[WORK REQUEST]
Write out the entries below exactly as they stand. Skip every image.

[EXERCISE INPUT]
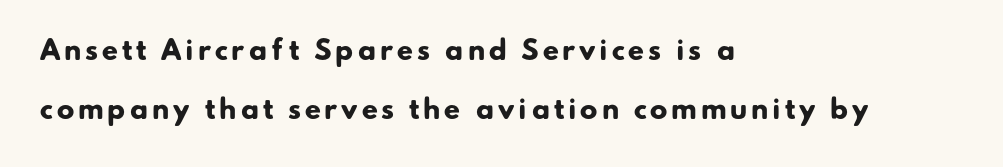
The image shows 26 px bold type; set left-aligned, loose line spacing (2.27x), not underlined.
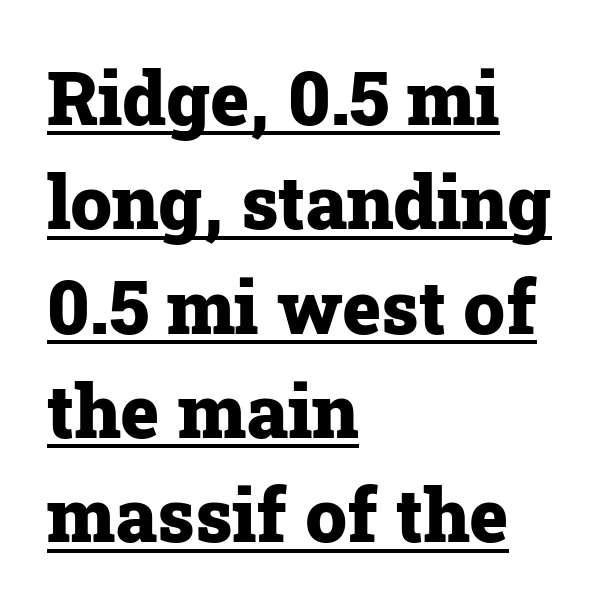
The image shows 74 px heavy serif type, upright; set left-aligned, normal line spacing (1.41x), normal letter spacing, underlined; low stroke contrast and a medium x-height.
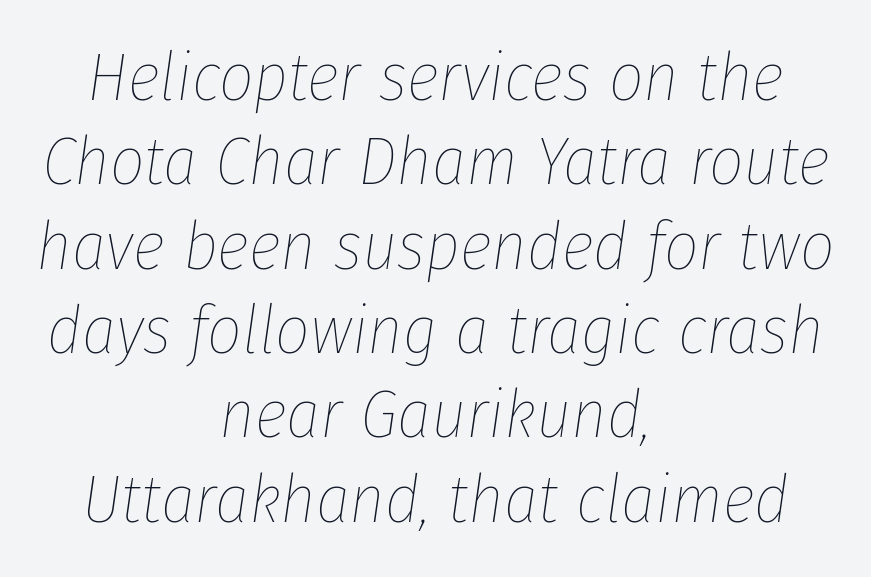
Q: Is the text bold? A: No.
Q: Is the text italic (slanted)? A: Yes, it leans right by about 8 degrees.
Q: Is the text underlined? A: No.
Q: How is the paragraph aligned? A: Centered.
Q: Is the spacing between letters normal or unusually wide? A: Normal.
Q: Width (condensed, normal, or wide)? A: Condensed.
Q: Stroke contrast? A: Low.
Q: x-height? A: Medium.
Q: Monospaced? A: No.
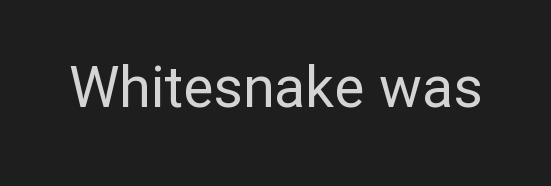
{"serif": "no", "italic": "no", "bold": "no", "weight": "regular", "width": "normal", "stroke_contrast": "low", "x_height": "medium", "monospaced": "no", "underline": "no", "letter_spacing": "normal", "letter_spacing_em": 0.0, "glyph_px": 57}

[TASK RESULT]
The image shows 26 px bold type; set left-aligned, loose line spacing (2.27x), not underlined.
The image shows 74 px heavy serif type, upright; set left-aligned, normal line spacing (1.41x), normal letter spacing, underlined; low stroke contrast and a medium x-height.
Q: Is the text bold? A: No.
Q: Is the text italic (slanted)? A: Yes, it leans right by about 8 degrees.
Q: Is the text underlined? A: No.
Q: How is the paragraph aligned? A: Centered.
Q: Is the spacing between letters normal or unusually wide? A: Normal.
Q: Width (condensed, normal, or wide)? A: Condensed.
Q: Stroke contrast? A: Low.
Q: x-height? A: Medium.
Q: Monospaced? A: No.
{"serif": "no", "italic": "no", "bold": "no", "weight": "regular", "width": "normal", "stroke_contrast": "low", "x_height": "medium", "monospaced": "no", "underline": "no", "letter_spacing": "normal", "letter_spacing_em": 0.0, "glyph_px": 57}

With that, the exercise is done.